## What the task requires
Omit every image, and transcribe the remaining entries exactly as given.
═════ Input data
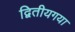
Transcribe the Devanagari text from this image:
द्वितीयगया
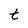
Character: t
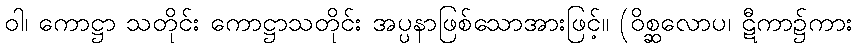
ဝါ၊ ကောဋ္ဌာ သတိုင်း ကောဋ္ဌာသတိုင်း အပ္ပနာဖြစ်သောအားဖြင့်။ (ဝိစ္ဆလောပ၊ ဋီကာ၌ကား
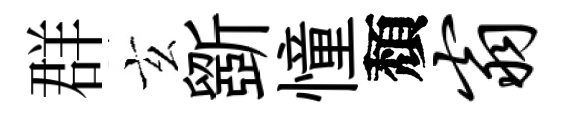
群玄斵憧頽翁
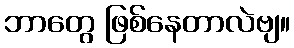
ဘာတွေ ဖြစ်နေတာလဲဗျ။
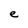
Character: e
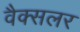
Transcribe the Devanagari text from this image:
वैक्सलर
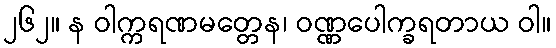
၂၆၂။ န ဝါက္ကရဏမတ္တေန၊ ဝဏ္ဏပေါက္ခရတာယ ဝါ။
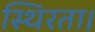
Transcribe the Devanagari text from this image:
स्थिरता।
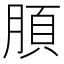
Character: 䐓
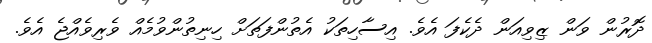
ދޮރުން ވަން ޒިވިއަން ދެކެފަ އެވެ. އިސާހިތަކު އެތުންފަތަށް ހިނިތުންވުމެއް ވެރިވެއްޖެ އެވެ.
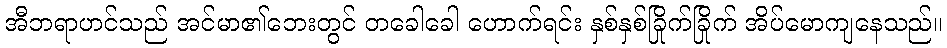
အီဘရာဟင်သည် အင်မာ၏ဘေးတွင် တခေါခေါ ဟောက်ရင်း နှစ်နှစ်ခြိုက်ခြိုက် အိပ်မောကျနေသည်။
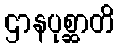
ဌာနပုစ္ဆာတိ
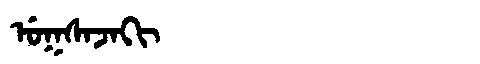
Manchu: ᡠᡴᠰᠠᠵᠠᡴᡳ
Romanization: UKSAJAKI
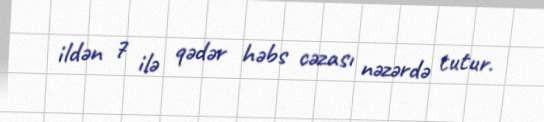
══════════
## Response
Transcribe the Devanagari text from this image:
द्वितीयगया
Character: t
ဝါ၊ ကောဋ္ဌာ သတိုင်း ကောဋ္ဌာသတိုင်း အပ္ပနာဖြစ်သောအားဖြင့်။ (ဝိစ္ဆလောပ၊ ဋီကာ၌ကား
群玄斵憧頽翁
ဘာတွေ ဖြစ်နေတာလဲဗျ။
Character: e
Transcribe the Devanagari text from this image:
वैक्सलर
၂၆၂။ န ဝါက္ကရဏမတ္တေန၊ ဝဏ္ဏပေါက္ခရတာယ ဝါ။
Transcribe the Devanagari text from this image:
स्थिरता।
Character: 䐓
ދޮރުން ވަން ޒިވިއަން ދެކެފަ އެވެ. އިސާހިތަކު އެތުންފަތަށް ހިނިތުންވުމެއް ވެރިވެއްޖެ އެވެ.
အီဘရာဟင်သည် အင်မာ၏ဘေးတွင် တခေါခေါ ဟောက်ရင်း နှစ်နှစ်ခြိုက်ခြိုက် အိပ်မောကျနေသည်။
ဌာနပုစ္ဆာတိ
Manchu: ᡠᡴᠰᠠᠵᠠᡴᡳ
Romanization: UKSAJAKI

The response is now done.